Thursday, August 20, 2009

A Shamanic Perspective on Belonging






When our soul wants to enter into this world, it requires a means of doing so. To do this, it works with our ancestors to create a vehicle to carry it into and through this life. We call this the physical body. The soul then uses this body and all its senses to act as a lens through which it enters the world. But as soon as it passes through the lens into the world, it becomes caught up in the senses, the information, the overwhelming complexity of sound, color, texture, scent and emotion. What joy! This part of the soul that has arrived in the world is then shaped by the experience of being here, and it gradually forgets that it is only a small part of a greater whole. It begins to believe that it is a separate and unique individual. We generally refer to this delusion of the soul as "ego."

Somewhere along the way, our human community lost touch with the sense of the greater soul and where we came from began acknowledging only the part of the self that was lodged in the physical vehicle. This began to break down the structure of communities that were based on a recognition of the deeper connections residing in the greater part of the self – what we are calling the soul. As we drifted further away from our roots beyond this limited existence, we forgot that the ego is only a delusion of the soul, and that its "death" is nothing more than the soul emerging from a deeply engrossing exploration of this world, through the physical body and its senses. This delusion had developed its own beliefs and valued its existence above all else. It saw that death was a great Mystery and insisted that it not be forced to look into it until there was no other choice.

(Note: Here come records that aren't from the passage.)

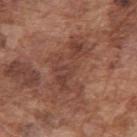Recorded during total-body skin imaging; not selected for excision or biopsy.
From the arm.
About 8 mm across.
A close-up tile cropped from a whole-body skin photograph, about 15 mm across.
The patient is a male roughly 75 years of age.
The lesion-visualizer software estimated a footprint of about 20 mm², a shape eccentricity near 0.85, and two-axis asymmetry of about 0.5. And it measured a lesion–skin lightness drop of about 8 and a normalized lesion–skin contrast near 6.5. The analysis additionally found border irregularity of about 8.5 on a 0–10 scale, a color-variation rating of about 4.5/10, and radial color variation of about 1.5.
The tile uses white-light illumination.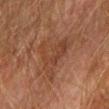biopsy status = total-body-photography surveillance lesion; no biopsy | imaging modality = total-body-photography crop, ~15 mm field of view | anatomic site = the right upper arm | patient = male, aged around 75.

Since it no longer felt the connection with its own greater self, the ego began to feel a great and insatiable hunger. This was/is of course the hunger to remember the connection with soul, but since to do so would break the illusion of sovereignty, the ego instead finds other ways to feed this hunger. Among other ways, it seeks to "belong." It creates further depth of illusion by assuming that this great hunger arises from an unmet need to feel that it has a place of its own. Difficult, considering its very ground of being is that which it rejects in order to be. (Sartré would love that one.)

From the view of the shaman, there is no NOT-belonging. The essence of existence is being. The rest is all commentary. To heal the wound that hungers to belong, our egos need to be able to recognize that they are part of something much larger, which extends beyond the world of physical senses. There are many paths to do this, and none are easy. Because we have been so long away from the realization of the soul, it takes a lot of personal work and usually some intense crisis to break through the delusion. And even then the ego continues to struggle. Such is life in this world. A great joy and/or great suffering.

Monday, August 17, 2009

Teetering into Balance



Even when we strive toward the horizon, our goal is to be present right where we are standing now.

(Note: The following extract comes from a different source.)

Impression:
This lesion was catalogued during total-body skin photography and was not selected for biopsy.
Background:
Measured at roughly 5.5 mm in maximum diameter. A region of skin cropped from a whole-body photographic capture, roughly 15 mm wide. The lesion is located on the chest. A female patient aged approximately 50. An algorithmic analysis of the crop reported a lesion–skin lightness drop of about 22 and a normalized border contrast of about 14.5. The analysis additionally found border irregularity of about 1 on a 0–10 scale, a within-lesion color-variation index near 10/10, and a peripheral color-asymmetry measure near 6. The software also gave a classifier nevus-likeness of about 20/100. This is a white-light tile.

In some ways, it might be easier to retreat to a monastery or ashram and have less in the way of our search for the infinite now. But that is not really balance. Or it is achieving balance in a very limited spectrum of human experience. It seems to me that the path of the shaman is one of reaching for balance within an ever growing portion of the human spectrum – and then stretching the limits of that as well. Rather than a retreat from the everyday world, it is an engagement and celebration of the whole. It includes everything from changing diapers and washing dishes to regular exercise and sitting meditation. It challenges the mind to open to the soul and stirs the soul to awaken within the mind.

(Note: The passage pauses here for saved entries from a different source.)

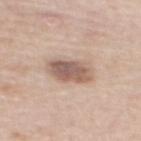notes=no biopsy performed (imaged during a skin exam)
location=the upper back
diameter=~4.5 mm (longest diameter)
subject=female, aged approximately 65
image=15 mm crop, total-body photography
tile lighting=white-light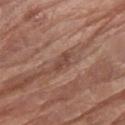imaging modality: 15 mm crop, total-body photography
anatomic site: the right forearm
lighting: white-light
patient: female, aged approximately 75
size: ≈2.5 mm
image-analysis metrics: a mean CIELAB color near L≈45 a*≈21 b*≈26, about 9 CIELAB-L* units darker than the surrounding skin, and a lesion-to-skin contrast of about 7 (normalized; higher = more distinct); a border-irregularity index near 3/10 and a color-variation rating of about 0/10

With no goal in sight, beyond the journey itself, the challenge is to remain in the moment – to feel what draws you/me away from this sacred/mundane point in time and space – to turn and face the hunger and the fear – to own it and embrace it, while holding to the balance of the whole. Like juggling on a tightrope, its not so much the one thing or the other, but how they react to one another within and around you that make it so . . . interesting.

This is the challenge I find in pretty much every day now. When I am about to go into Temple for my 30 minutes of sitting meditation and I hear my daughter in the monitor start to wake up from her nap, and I know that she will be heart-meltingly adorable . . . for about ten minutes. Do I postpone my sitting, and possibly miss sitting at all that day, or do I pass up a chance to spend some quality time watching my daughter – time that can never be recaptured? Talk about shenpa! And so I recognize that this is another moment in which I am torn into balance. It seems I can release the thing that is important to my self in this lifetime or I can postpone the thing that is important to my infinite Self – and then I realize: There is no difference. It is not the release of one or the other, but the embrace of BOTH that stirs and awakens the deeper Self. This is the practice. Unhidden. Unveiled. Constantly revealing itself in plain sight. Mindful choice. Stepping outside of karma. Entering heaven with a smile.